Another negative control would use the A-B box to test two identical amplifiers. Don't assume that no one will hear a difference, measure how many hear a difference and how many don't.
The more important test of the A-B box is the positive control. Think of as a calibration curve. Test several different sounds that are known to be different, and ask how many listeners hear a difference. What kinds of sounds should be tested as positive controls? I really don't know, but here is my simple idea. Add various amounts of white or pink noise to a digital file of a short passage of cleanly recorded music. You will have a series of recordings of a short musical passage that contain added noise of 0%, 2.5%, 5%, 7.5%, 10%, etc.
Use the A-B box to test each listener with the noise series compared to the unmodified recording (0% added noise).

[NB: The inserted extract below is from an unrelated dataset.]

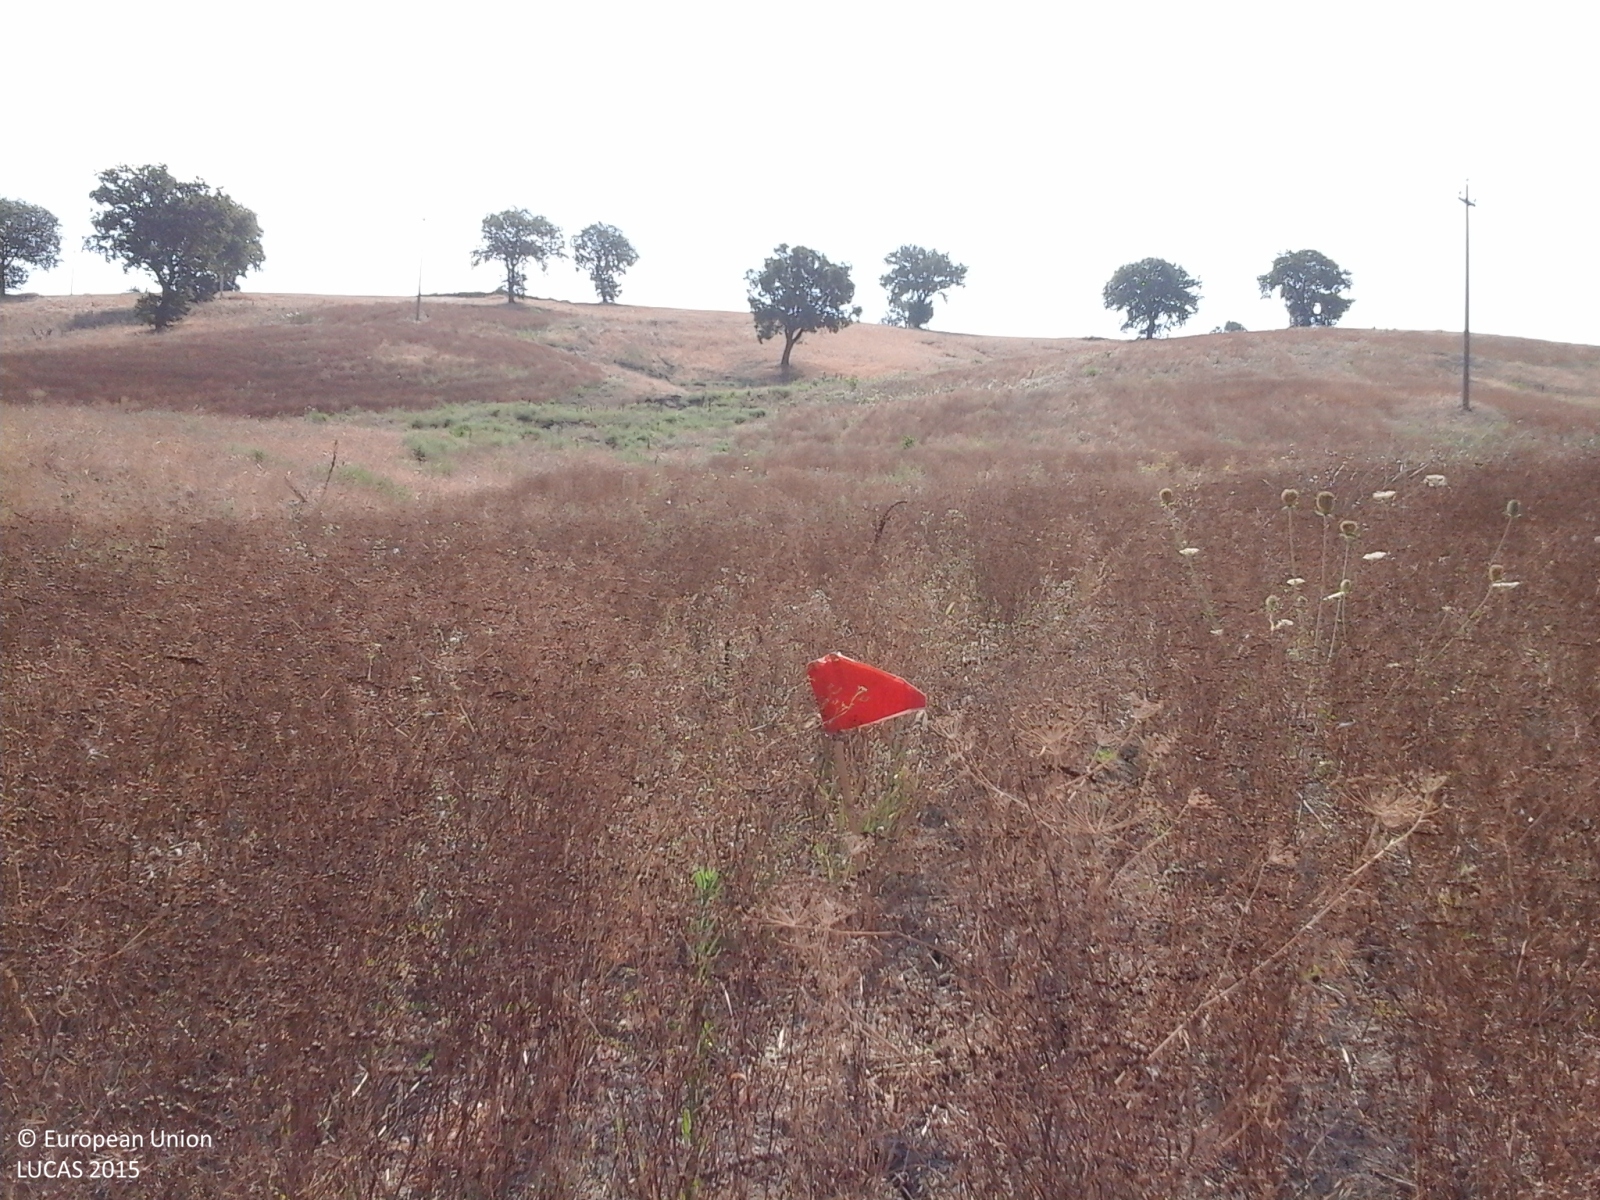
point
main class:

At some level of added noise, all or most listeners will hear a difference, and at some lower level few or no listeners will hear a difference. The % of listeners who hear a difference for each level of added noise is important. This way you can get quantitative data for what is essentially a Yes-No test. I can imagine a 2-dimensional graph as the result. The X axis will show the % added noise, and the Y axis will show the % of listeners who hear a difference. With the right levels of added noise, there ought to be a linear relationship between % added noise and the % of listeners who can hear it.
That audibility curve of positive control tests defines the real sensitivity of the A-B box. Hopefully the results of testing two of Frank’s amps will fall within the range in which the positive control tests show that listeners can hear differences. But it is also possible that such a test may require greater sensitivity than human listeners can deliver with the A-B box. I don’t know the answer now.
My idea of % noise added to a clean musical passage, is just one untested idea off the top of my head. Does anyone have any other ideas for positive control tests that can be used to calibrate the sensitivity of the A-B test?